Q: I have two daughters ages eight and six years of age. They are perfect little girls and my husband and I love them very much. The past few months my husband and I have seen them act out what I would call a form of masturbation. We are speechless and really thought we were ideal parents until we ran into this problem. Please let me know if you can help.

A: Your two perfect little girls are still perfect. You and your husband have not done anything wrong as parents. Perfect children explore their own bodies - it's the natural and normal thing to do. Gone are the days (halleluia!) where doctors regularly prescribed tying children's hands to the bed rails at night if they were caught masturbating. We now know that masturbation is normal, that all children ARE sexual beings, and that it's not the same AT ALL as adult sexuality. Kids touching their genitals has a totally different meaning than it does for adults, and you should not impose adult sexuality - desires, motives - on children's self-exploration. This issue is largely a matter of age-appropriate behavior and manners. It's not uncommon for a three year old to hold or stroke his or her genitals when agitated, or for school age kids to engage in exploratory sex play ("playing doctor"). It's normal and usual for a child to occasionally or regularly touch his or her body when falling asleep. These are normal and a completely different behaviors from, for instance, a twelve year old masturbating at the dinner table. (A twelve year old child behaving this inappropriately needs some psychological help!) If your girls are performing little explicit dances for the dinner guests, yes, by all means talk to them about privacy, and the importance of keeping private acts private.

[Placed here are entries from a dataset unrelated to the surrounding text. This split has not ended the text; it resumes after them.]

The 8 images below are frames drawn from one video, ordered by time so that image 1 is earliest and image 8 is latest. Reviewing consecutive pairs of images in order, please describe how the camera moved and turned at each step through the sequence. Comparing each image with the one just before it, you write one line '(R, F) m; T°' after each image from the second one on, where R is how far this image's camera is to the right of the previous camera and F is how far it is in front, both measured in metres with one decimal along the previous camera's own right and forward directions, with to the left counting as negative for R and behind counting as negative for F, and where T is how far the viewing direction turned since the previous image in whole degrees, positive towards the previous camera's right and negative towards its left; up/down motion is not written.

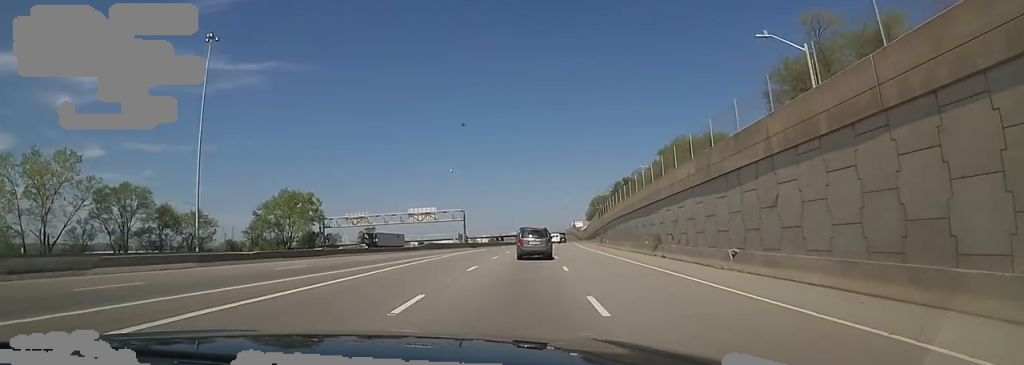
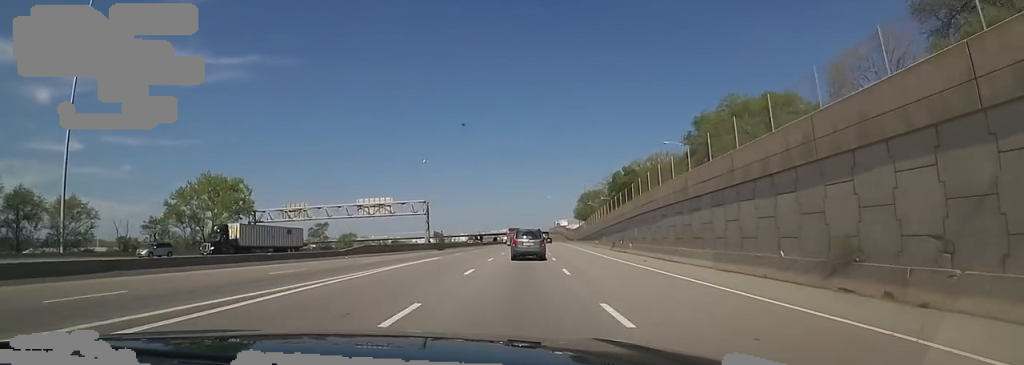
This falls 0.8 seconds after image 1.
(-0.2, +21.2) m; +3°
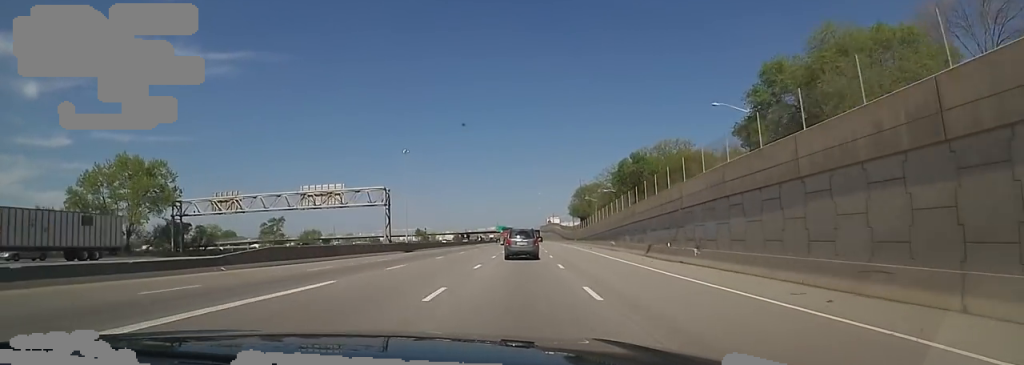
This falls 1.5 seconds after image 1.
(+1.0, +17.2) m; +2°
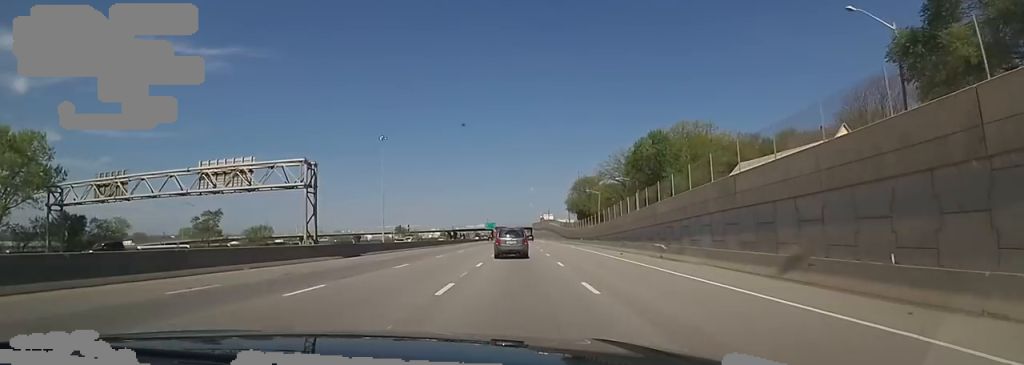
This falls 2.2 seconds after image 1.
(+0.3, +19.1) m; +1°
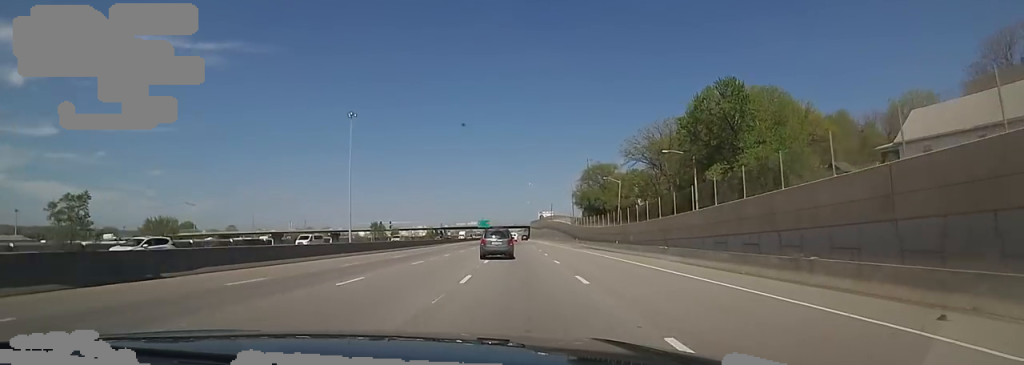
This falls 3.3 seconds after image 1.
(0.0, +27.3) m; 0°
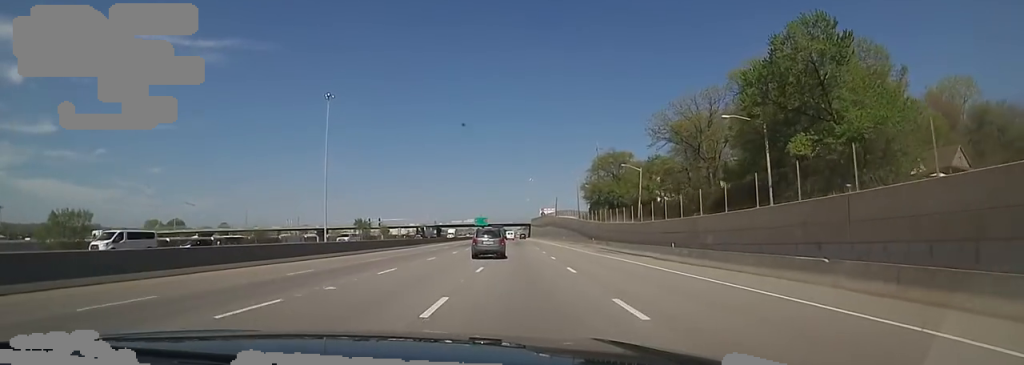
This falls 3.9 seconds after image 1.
(0.0, +15.9) m; 0°
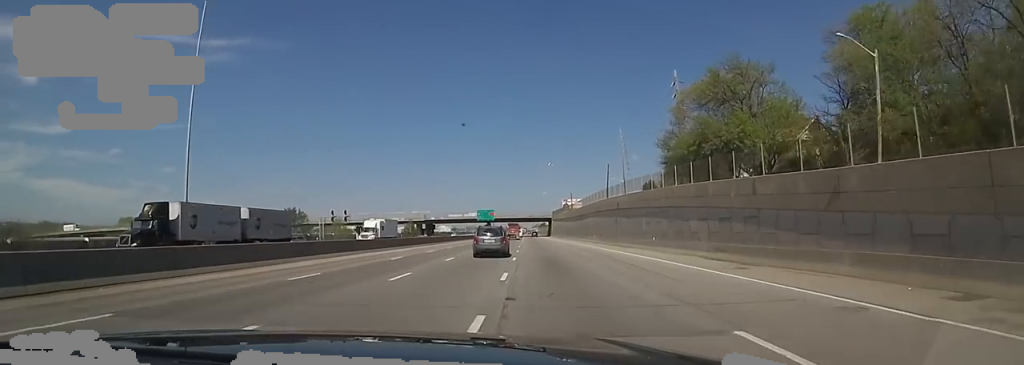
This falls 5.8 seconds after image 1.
(-2.9, +51.8) m; -3°
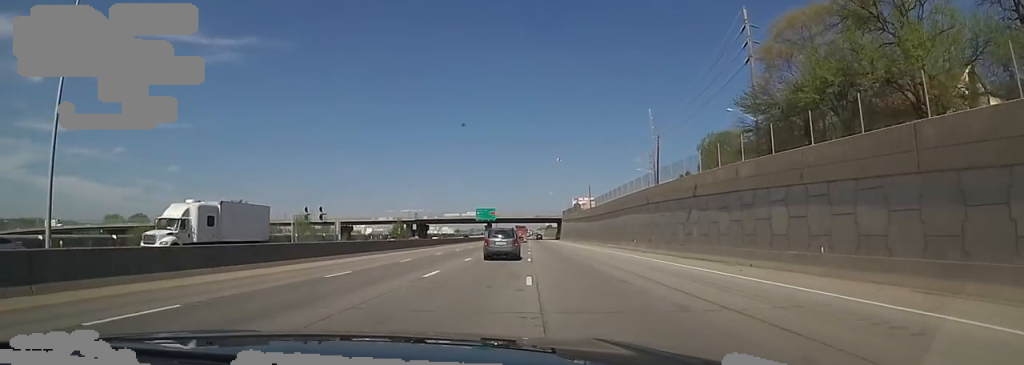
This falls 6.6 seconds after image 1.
(+1.0, +20.9) m; +2°

If, however, this is a case of surprising a six-year-old self-stimulating in the closet or bathtub, you might want to simply excuse yourself. Part of it will depend upon your own comfort level. Treat your children's behavior as you would any other behavior that needs guidelines ("Honey, that's a private thing to do..."), and by all means, DO NOT punish them for doing what is natural and normal. As parents, our job is to make our kids maintain a sense of pride and pleasure in their bodies while teaching them manners. In this case, manners simply means learning appropriate public behavior. Remember, too, that parental shame and embarrassment has a way of transmitting itself magically to children - so you might want to check your biases. Enjoy your little girls!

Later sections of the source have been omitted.